Comment 7 Buovjaga 2023-08-10 13:30:56 UTC
Thanks, I reproduce the CPU use which continues for a while after opening the document. There are reports like bug 60418 for "excessive" amounts of comments, but this doc does not have thousands of them.

Arch Linux 64-bit, X11
Version: 7.5.5.2 (X86_64) / LibreOffice Community
Build ID: 50(Build:2)
CPU threads: 8; OS: Linux 6.4; UI render: default; VCL: kf5 (cairo+xcb)
Locale: fi-FI (fi_FI.UTF-8); UI: en-US
7.5.5-1
Calc: CL threaded
Comment 8 Gabor Kelemen (allotropia) 2023-11-20 18:23:56 UTC
Opening this document was pretty tolerable up until 7.3 (~30 sec load+layout), broke first (to ~2 min 20-30sec load+layout) sometime in the 7.4 cycle.

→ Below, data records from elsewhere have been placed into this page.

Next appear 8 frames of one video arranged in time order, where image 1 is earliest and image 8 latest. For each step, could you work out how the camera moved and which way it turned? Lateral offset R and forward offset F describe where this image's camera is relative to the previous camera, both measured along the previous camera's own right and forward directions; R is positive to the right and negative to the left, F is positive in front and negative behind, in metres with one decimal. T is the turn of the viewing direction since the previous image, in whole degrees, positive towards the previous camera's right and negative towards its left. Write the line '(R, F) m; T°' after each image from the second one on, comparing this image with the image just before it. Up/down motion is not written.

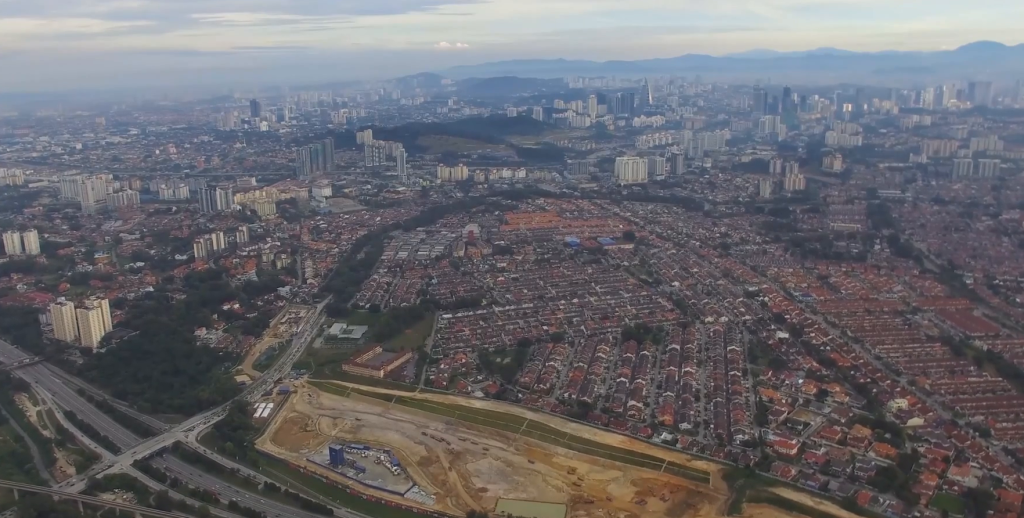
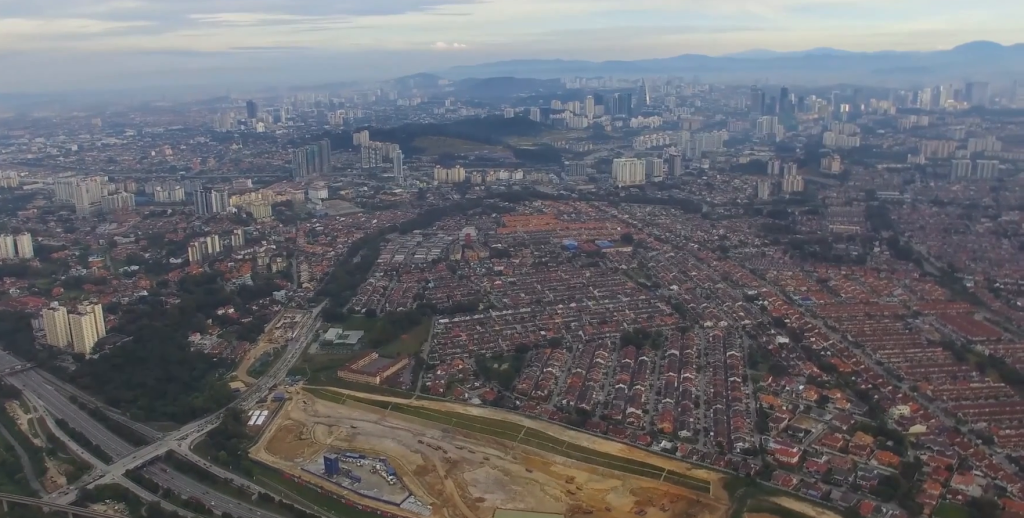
(+0.2, +14.9) m; +2°
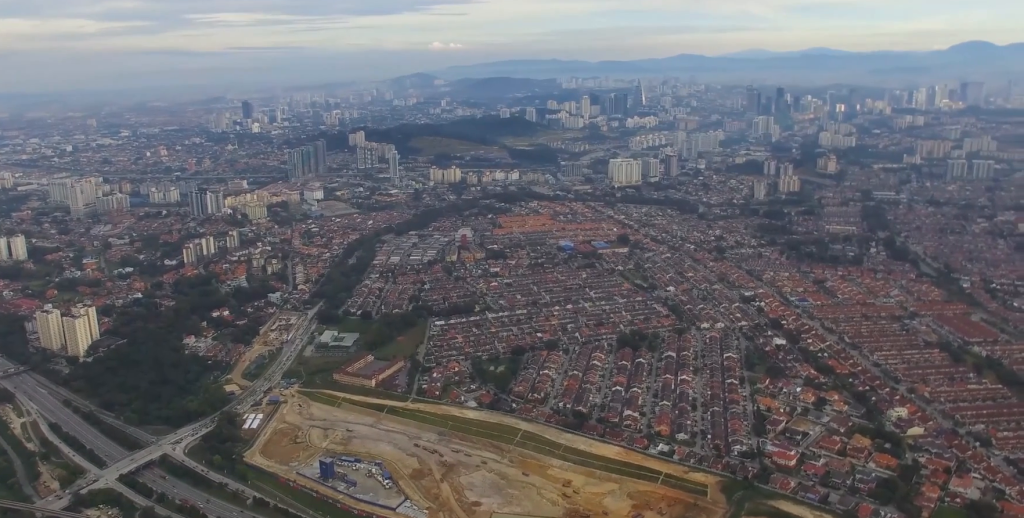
(0.0, +5.8) m; +1°
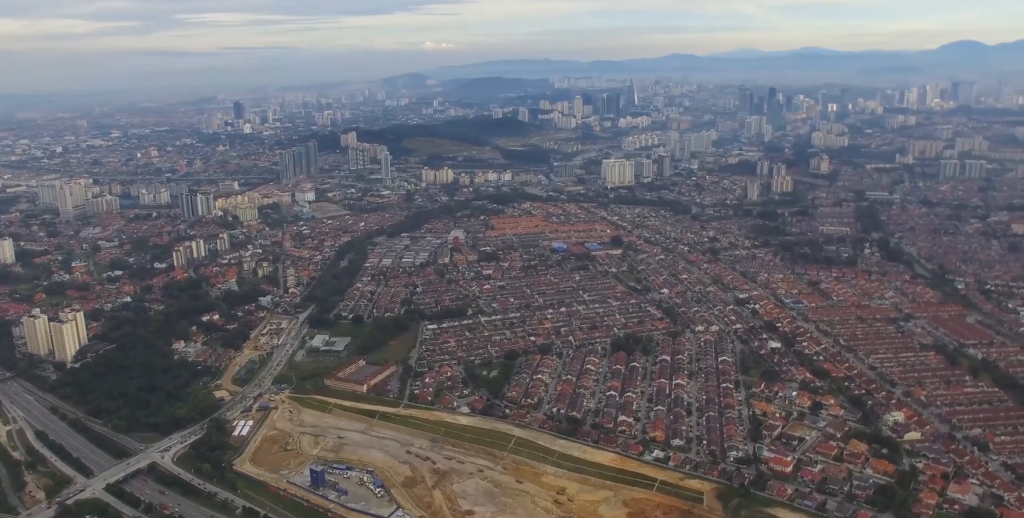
(+0.1, +13.9) m; +1°
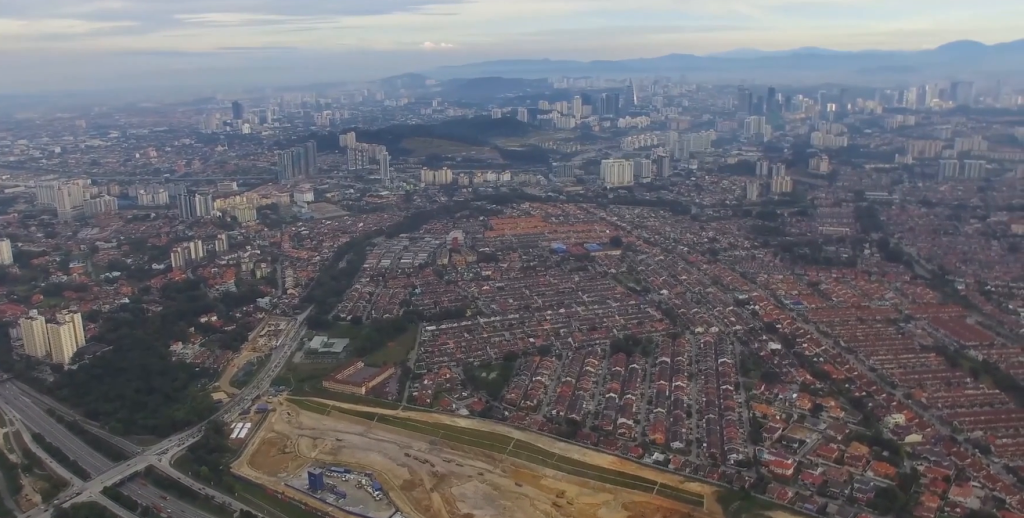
(0.0, +5.6) m; 0°
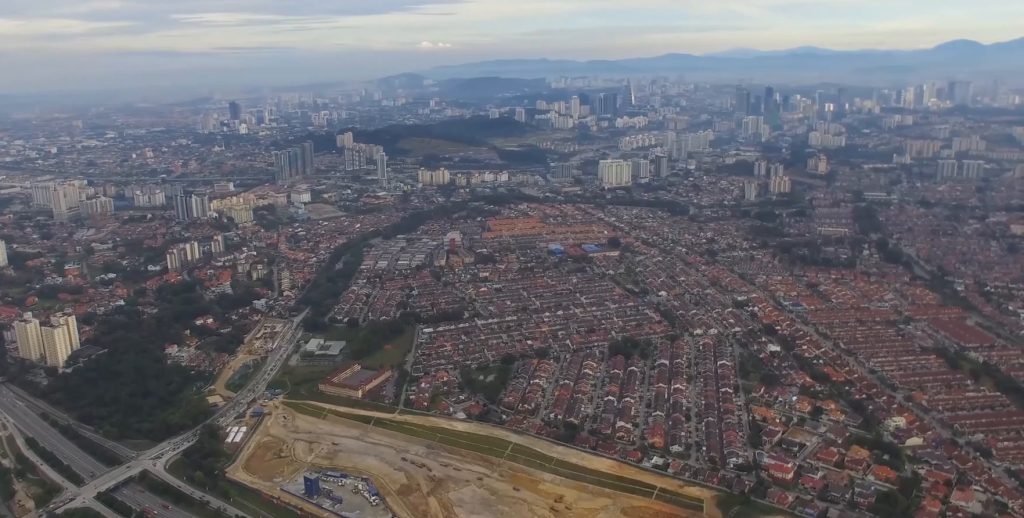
(0.0, +8.8) m; 0°
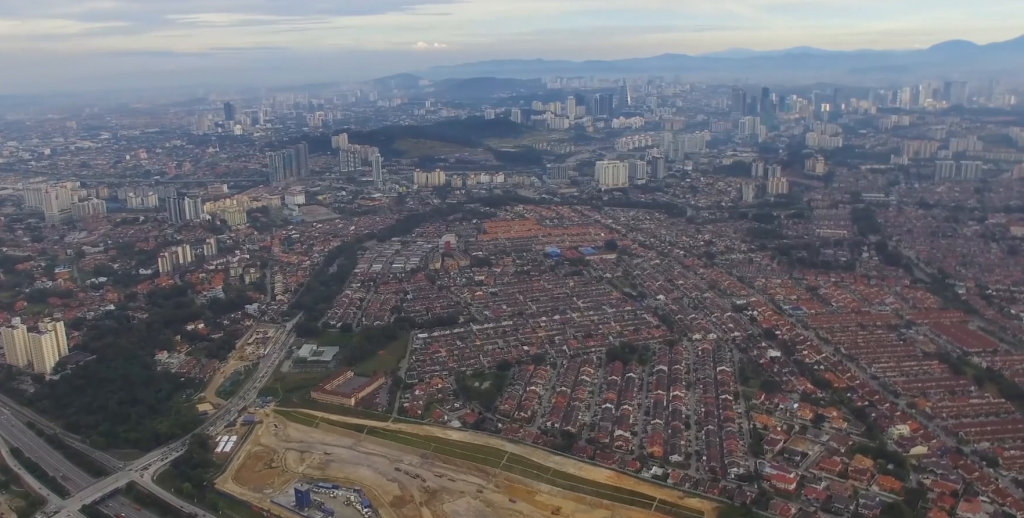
(0.0, +22.9) m; 0°
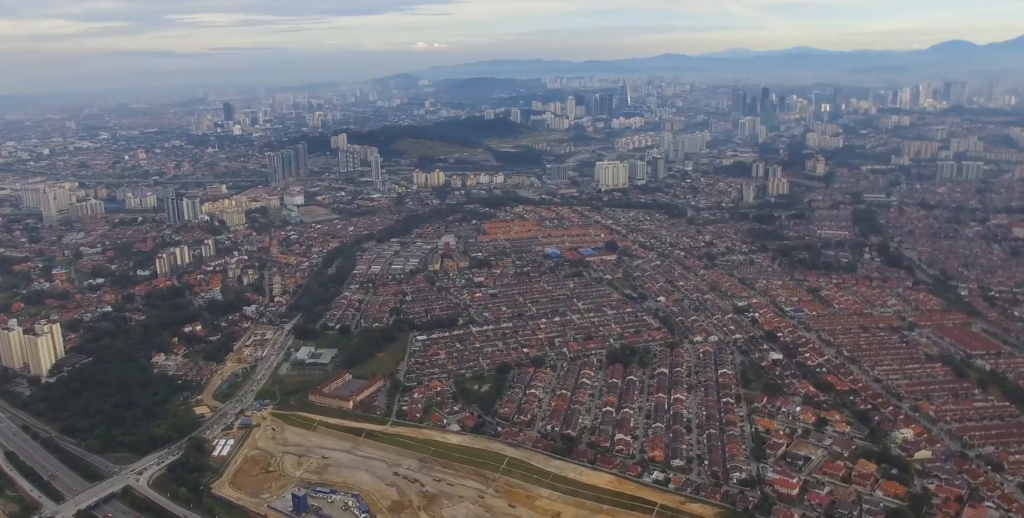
(0.0, +10.2) m; 0°
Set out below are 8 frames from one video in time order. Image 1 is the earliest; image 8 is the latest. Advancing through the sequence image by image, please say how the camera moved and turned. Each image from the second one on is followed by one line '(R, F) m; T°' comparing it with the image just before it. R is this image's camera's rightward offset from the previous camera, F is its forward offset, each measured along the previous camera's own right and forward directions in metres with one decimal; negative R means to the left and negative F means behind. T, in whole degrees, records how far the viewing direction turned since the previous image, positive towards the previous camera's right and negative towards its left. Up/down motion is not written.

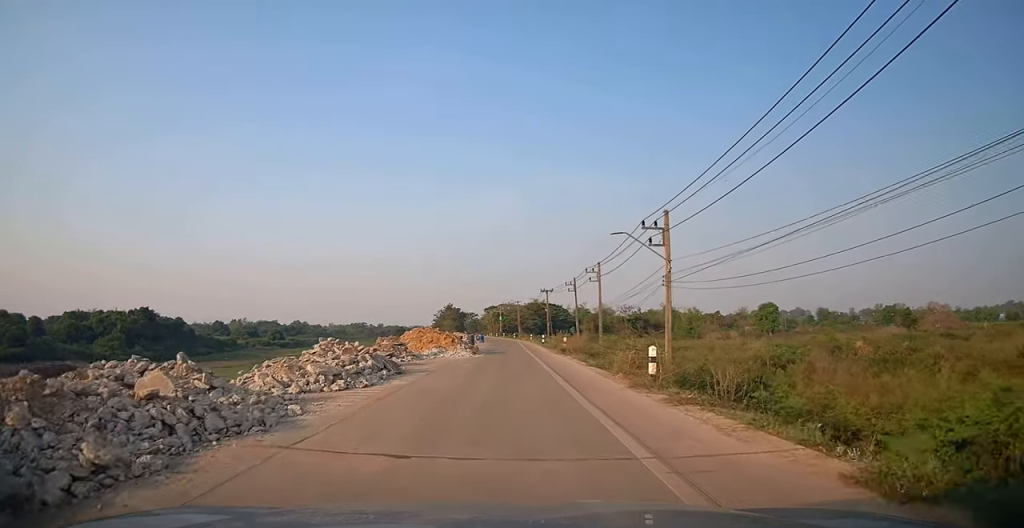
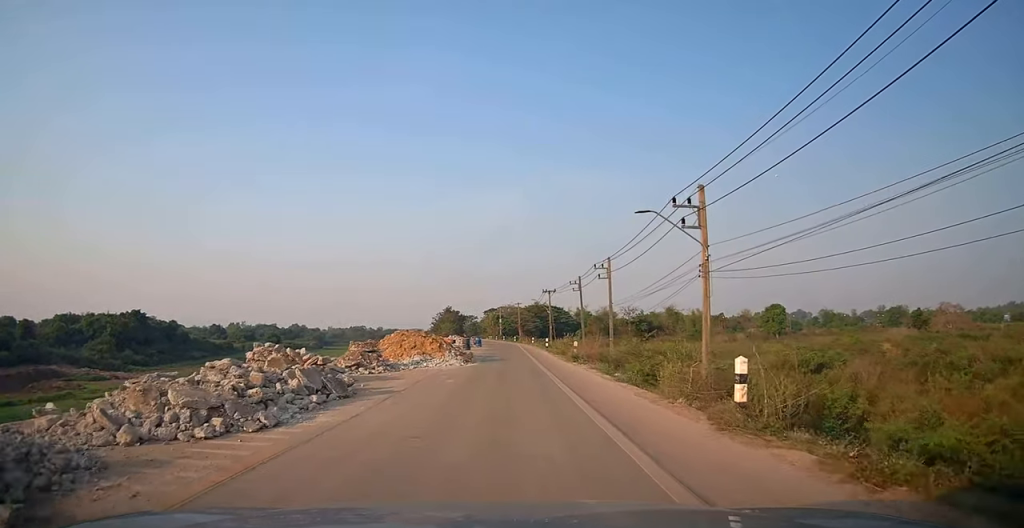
(-0.1, +5.2) m; +1°
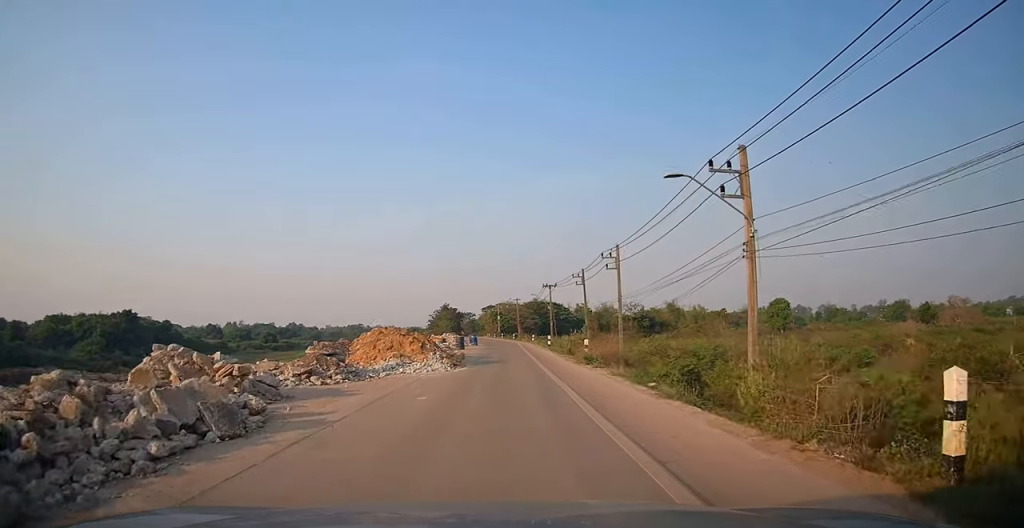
(0.0, +4.5) m; 0°
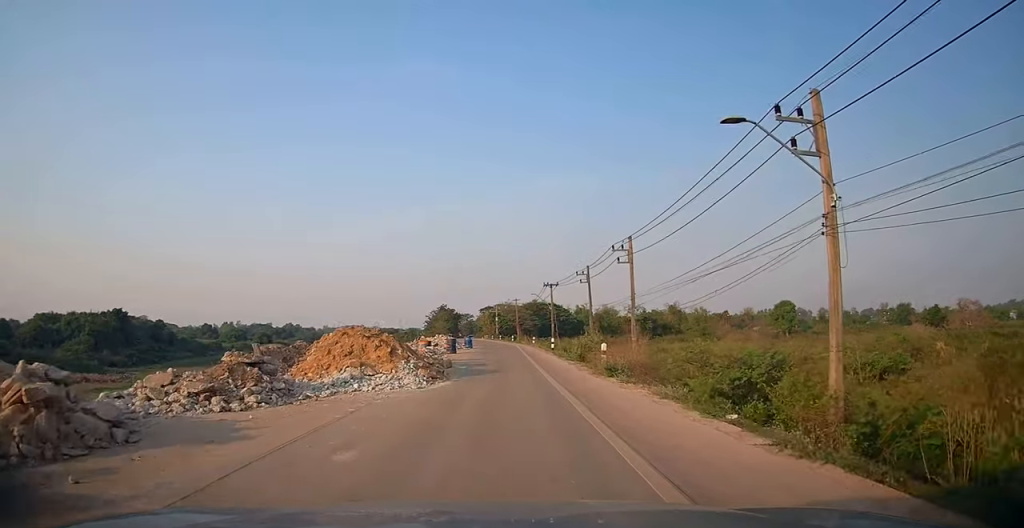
(+0.2, +4.9) m; 0°
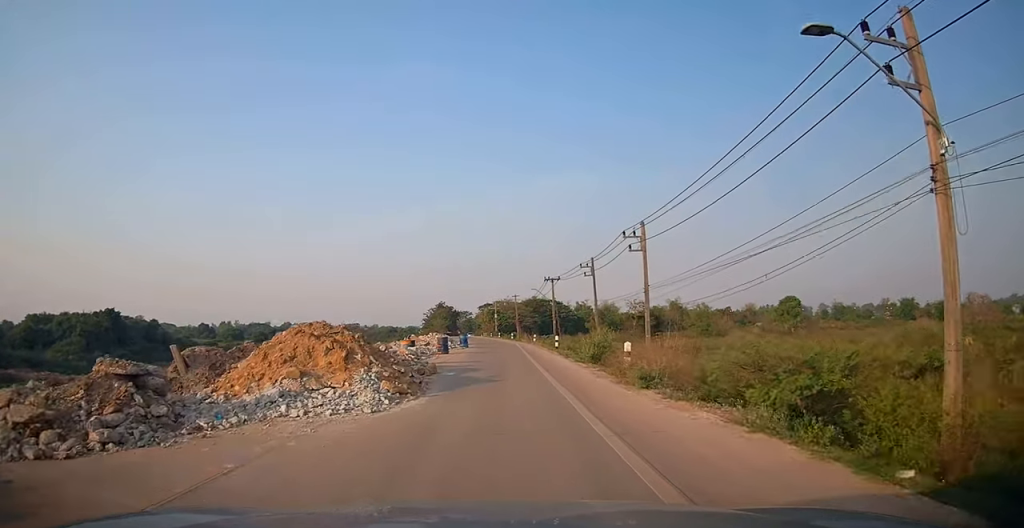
(0.0, +4.0) m; -1°
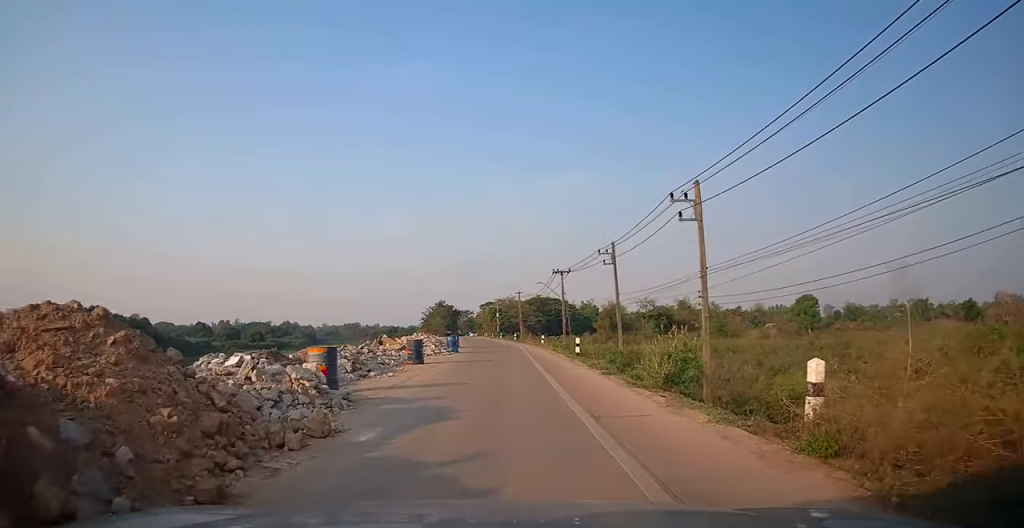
(-0.3, +9.4) m; -2°
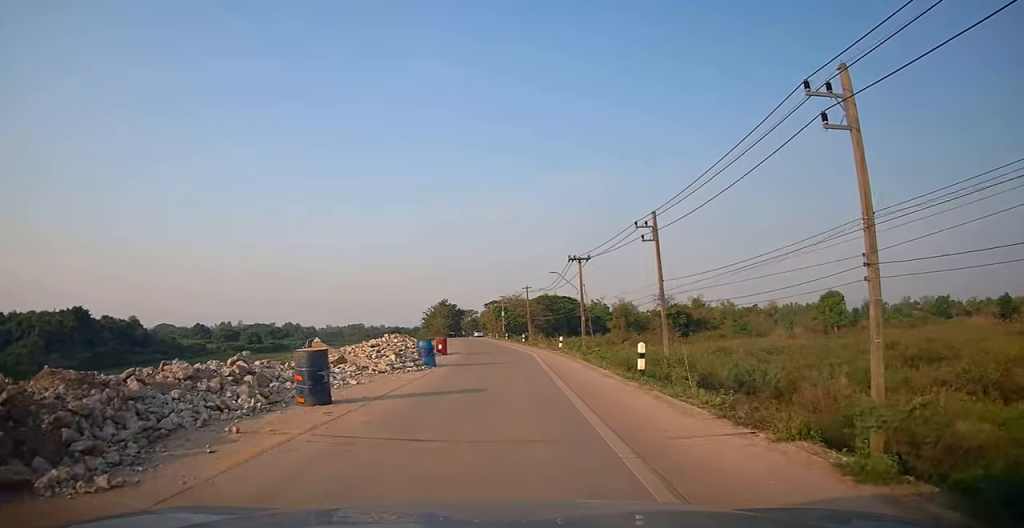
(+0.1, +11.3) m; +1°
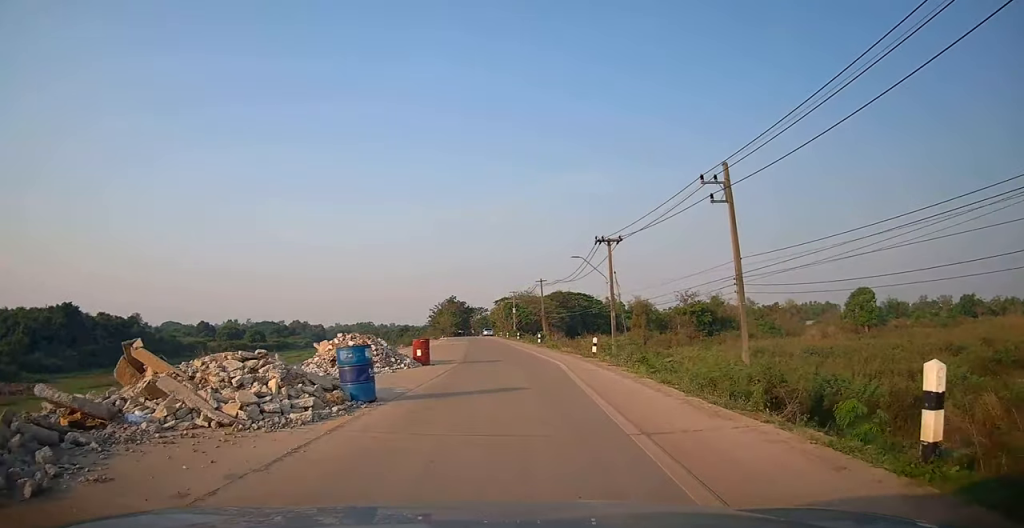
(0.0, +10.0) m; -1°

Master is even worse, falls into a layout loop(?) - killed the process after 10 minutes. This started sometime after 7.6, that was still in the 2.5 minute range. A double regression :(.
Comment 9 BogdanB 2023-11-21 19:52:08 UTC
I can not bibisect it. I get a crash.
Comment 10 Buovjaga 2023-11-23 18:40:42 UTC
(In reply to Gabor Kelemen (allotropia) from comment #8)
> Opening this document was pretty tolerable up until 7.3 (~30 sec
> load+layout), broke first (to ~2 min 20-30sec load+layout) sometime in the
> 7.4 cycle.

Bibisected with linux-64-7.4 to 3b0a0e70cb67fc2e1f9999d2e8cbb9cfcd8c670e
Related tdf#66039 DOCX import: fix Z-order of group shapes

I only had to do a couple of git bisect skips due to crashes.

> Master is even worse, falls into a layout loop(?) - killed the process after
> 10 minutes. This started sometime after 7.6, that was still in the 2.5
> minute range. A double regression :(.

I will leave this as an exercise to someone else.